→ **Action item**
Give back the entire listing exactly as it was provided.

**** Given records

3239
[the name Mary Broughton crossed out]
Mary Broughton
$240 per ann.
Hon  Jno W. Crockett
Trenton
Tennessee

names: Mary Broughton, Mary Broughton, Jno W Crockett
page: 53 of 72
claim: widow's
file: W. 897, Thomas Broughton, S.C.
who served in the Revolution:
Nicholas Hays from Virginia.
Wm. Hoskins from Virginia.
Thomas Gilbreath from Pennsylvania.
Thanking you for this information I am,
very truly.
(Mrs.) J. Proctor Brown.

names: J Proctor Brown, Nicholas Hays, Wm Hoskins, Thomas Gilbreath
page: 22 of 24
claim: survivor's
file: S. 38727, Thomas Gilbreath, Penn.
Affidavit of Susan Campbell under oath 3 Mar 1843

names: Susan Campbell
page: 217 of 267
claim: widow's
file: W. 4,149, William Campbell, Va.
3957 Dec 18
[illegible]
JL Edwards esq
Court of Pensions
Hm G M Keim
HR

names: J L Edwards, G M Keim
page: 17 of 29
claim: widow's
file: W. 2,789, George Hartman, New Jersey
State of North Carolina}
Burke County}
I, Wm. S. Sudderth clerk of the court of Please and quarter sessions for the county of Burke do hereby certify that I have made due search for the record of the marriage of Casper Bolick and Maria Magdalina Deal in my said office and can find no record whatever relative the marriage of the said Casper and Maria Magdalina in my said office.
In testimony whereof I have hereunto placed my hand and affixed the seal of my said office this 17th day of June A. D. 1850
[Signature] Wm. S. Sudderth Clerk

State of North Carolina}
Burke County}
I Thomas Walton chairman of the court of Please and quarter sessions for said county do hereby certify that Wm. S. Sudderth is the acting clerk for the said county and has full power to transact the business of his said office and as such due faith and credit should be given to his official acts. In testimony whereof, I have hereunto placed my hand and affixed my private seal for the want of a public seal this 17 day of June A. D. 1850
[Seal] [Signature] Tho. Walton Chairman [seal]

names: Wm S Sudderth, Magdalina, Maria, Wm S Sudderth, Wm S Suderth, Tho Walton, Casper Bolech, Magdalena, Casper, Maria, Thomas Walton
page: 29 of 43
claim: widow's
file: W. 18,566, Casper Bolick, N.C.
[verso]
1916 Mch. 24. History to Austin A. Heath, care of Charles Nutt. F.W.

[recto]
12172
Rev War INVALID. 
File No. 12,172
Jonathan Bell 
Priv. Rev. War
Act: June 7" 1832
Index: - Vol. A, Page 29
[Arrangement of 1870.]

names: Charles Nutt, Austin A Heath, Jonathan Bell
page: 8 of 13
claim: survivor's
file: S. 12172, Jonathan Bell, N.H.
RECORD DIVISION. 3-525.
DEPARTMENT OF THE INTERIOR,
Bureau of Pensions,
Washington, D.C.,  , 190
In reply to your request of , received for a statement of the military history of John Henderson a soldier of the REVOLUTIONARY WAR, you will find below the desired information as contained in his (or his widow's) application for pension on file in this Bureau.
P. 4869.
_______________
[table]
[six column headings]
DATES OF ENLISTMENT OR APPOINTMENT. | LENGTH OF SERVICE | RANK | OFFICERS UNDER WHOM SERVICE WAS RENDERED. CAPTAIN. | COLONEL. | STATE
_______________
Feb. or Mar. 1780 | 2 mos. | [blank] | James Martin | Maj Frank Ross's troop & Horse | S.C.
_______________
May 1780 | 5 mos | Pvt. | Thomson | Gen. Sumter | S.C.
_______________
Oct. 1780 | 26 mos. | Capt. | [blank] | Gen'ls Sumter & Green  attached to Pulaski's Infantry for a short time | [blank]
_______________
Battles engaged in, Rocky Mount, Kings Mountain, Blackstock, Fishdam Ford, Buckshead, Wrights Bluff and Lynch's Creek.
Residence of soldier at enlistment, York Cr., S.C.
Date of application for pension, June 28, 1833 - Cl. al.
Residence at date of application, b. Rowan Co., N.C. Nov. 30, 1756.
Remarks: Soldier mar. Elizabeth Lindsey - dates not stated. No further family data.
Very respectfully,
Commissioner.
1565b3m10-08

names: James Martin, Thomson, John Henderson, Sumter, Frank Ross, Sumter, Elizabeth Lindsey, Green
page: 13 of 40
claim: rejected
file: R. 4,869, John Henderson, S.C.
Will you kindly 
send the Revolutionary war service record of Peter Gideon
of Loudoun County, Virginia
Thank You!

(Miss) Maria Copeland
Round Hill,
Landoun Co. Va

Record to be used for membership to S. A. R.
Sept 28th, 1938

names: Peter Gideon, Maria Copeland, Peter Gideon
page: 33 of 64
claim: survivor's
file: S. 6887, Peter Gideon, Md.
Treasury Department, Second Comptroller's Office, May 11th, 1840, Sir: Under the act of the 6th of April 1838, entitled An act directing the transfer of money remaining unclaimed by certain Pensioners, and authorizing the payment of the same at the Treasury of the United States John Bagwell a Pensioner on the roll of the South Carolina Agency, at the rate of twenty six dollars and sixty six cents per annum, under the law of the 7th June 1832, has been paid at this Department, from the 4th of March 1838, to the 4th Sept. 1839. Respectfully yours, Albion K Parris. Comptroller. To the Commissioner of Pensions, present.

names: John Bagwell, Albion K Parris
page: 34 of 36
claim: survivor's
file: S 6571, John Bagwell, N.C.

********

→ **Answer for this exercise**
3239
[the name Mary Broughton crossed out]
Mary Broughton
$240 per ann.
Hon  Jno W. Crockett
Trenton
Tennessee

names: Mary Broughton, Mary Broughton, Jno W Crockett
page: 53 of 72
claim: widow's
file: W. 897, Thomas Broughton, S.C.
who served in the Revolution:
Nicholas Hays from Virginia.
Wm. Hoskins from Virginia.
Thomas Gilbreath from Pennsylvania.
Thanking you for this information I am,
very truly.
(Mrs.) J. Proctor Brown.

names: J Proctor Brown, Nicholas Hays, Wm Hoskins, Thomas Gilbreath
page: 22 of 24
claim: survivor's
file: S. 38727, Thomas Gilbreath, Penn.
Affidavit of Susan Campbell under oath 3 Mar 1843

names: Susan Campbell
page: 217 of 267
claim: widow's
file: W. 4,149, William Campbell, Va.
3957 Dec 18
[illegible]
JL Edwards esq
Court of Pensions
Hm G M Keim
HR

names: J L Edwards, G M Keim
page: 17 of 29
claim: widow's
file: W. 2,789, George Hartman, New Jersey
State of North Carolina}
Burke County}
I, Wm. S. Sudderth clerk of the court of Please and quarter sessions for the county of Burke do hereby certify that I have made due search for the record of the marriage of Casper Bolick and Maria Magdalina Deal in my said office and can find no record whatever relative the marriage of the said Casper and Maria Magdalina in my said office.
In testimony whereof I have hereunto placed my hand and affixed the seal of my said office this 17th day of June A. D. 1850
[Signature] Wm. S. Sudderth Clerk

State of North Carolina}
Burke County}
I Thomas Walton chairman of the court of Please and quarter sessions for said county do hereby certify that Wm. S. Sudderth is the acting clerk for the said county and has full power to transact the business of his said office and as such due faith and credit should be given to his official acts. In testimony whereof, I have hereunto placed my hand and affixed my private seal for the want of a public seal this 17 day of June A. D. 1850
[Seal] [Signature] Tho. Walton Chairman [seal]

names: Wm S Sudderth, Magdalina, Maria, Wm S Sudderth, Wm S Suderth, Tho Walton, Casper Bolech, Magdalena, Casper, Maria, Thomas Walton
page: 29 of 43
claim: widow's
file: W. 18,566, Casper Bolick, N.C.
[verso]
1916 Mch. 24. History to Austin A. Heath, care of Charles Nutt. F.W.

[recto]
12172
Rev War INVALID. 
File No. 12,172
Jonathan Bell 
Priv. Rev. War
Act: June 7" 1832
Index: - Vol. A, Page 29
[Arrangement of 1870.]

names: Charles Nutt, Austin A Heath, Jonathan Bell
page: 8 of 13
claim: survivor's
file: S. 12172, Jonathan Bell, N.H.
RECORD DIVISION. 3-525.
DEPARTMENT OF THE INTERIOR,
Bureau of Pensions,
Washington, D.C.,  , 190
In reply to your request of , received for a statement of the military history of John Henderson a soldier of the REVOLUTIONARY WAR, you will find below the desired information as contained in his (or his widow's) application for pension on file in this Bureau.
P. 4869.
_______________
[table]
[six column headings]
DATES OF ENLISTMENT OR APPOINTMENT. | LENGTH OF SERVICE | RANK | OFFICERS UNDER WHOM SERVICE WAS RENDERED. CAPTAIN. | COLONEL. | STATE
_______________
Feb. or Mar. 1780 | 2 mos. | [blank] | James Martin | Maj Frank Ross's troop & Horse | S.C.
_______________
May 1780 | 5 mos | Pvt. | Thomson | Gen. Sumter | S.C.
_______________
Oct. 1780 | 26 mos. | Capt. | [blank] | Gen'ls Sumter & Green  attached to Pulaski's Infantry for a short time | [blank]
_______________
Battles engaged in, Rocky Mount, Kings Mountain, Blackstock, Fishdam Ford, Buckshead, Wrights Bluff and Lynch's Creek.
Residence of soldier at enlistment, York Cr., S.C.
Date of application for pension, June 28, 1833 - Cl. al.
Residence at date of application, b. Rowan Co., N.C. Nov. 30, 1756.
Remarks: Soldier mar. Elizabeth Lindsey - dates not stated. No further family data.
Very respectfully,
Commissioner.
1565b3m10-08

names: James Martin, Thomson, John Henderson, Sumter, Frank Ross, Sumter, Elizabeth Lindsey, Green
page: 13 of 40
claim: rejected
file: R. 4,869, John Henderson, S.C.
Will you kindly 
send the Revolutionary war service record of Peter Gideon
of Loudoun County, Virginia
Thank You!

(Miss) Maria Copeland
Round Hill,
Landoun Co. Va

Record to be used for membership to S. A. R.
Sept 28th, 1938

names: Peter Gideon, Maria Copeland, Peter Gideon
page: 33 of 64
claim: survivor's
file: S. 6887, Peter Gideon, Md.
Treasury Department, Second Comptroller's Office, May 11th, 1840, Sir: Under the act of the 6th of April 1838, entitled An act directing the transfer of money remaining unclaimed by certain Pensioners, and authorizing the payment of the same at the Treasury of the United States John Bagwell a Pensioner on the roll of the South Carolina Agency, at the rate of twenty six dollars and sixty six cents per annum, under the law of the 7th June 1832, has been paid at this Department, from the 4th of March 1838, to the 4th Sept. 1839. Respectfully yours, Albion K Parris. Comptroller. To the Commissioner of Pensions, present.

names: John Bagwell, Albion K Parris
page: 34 of 36
claim: survivor's
file: S 6571, John Bagwell, N.C.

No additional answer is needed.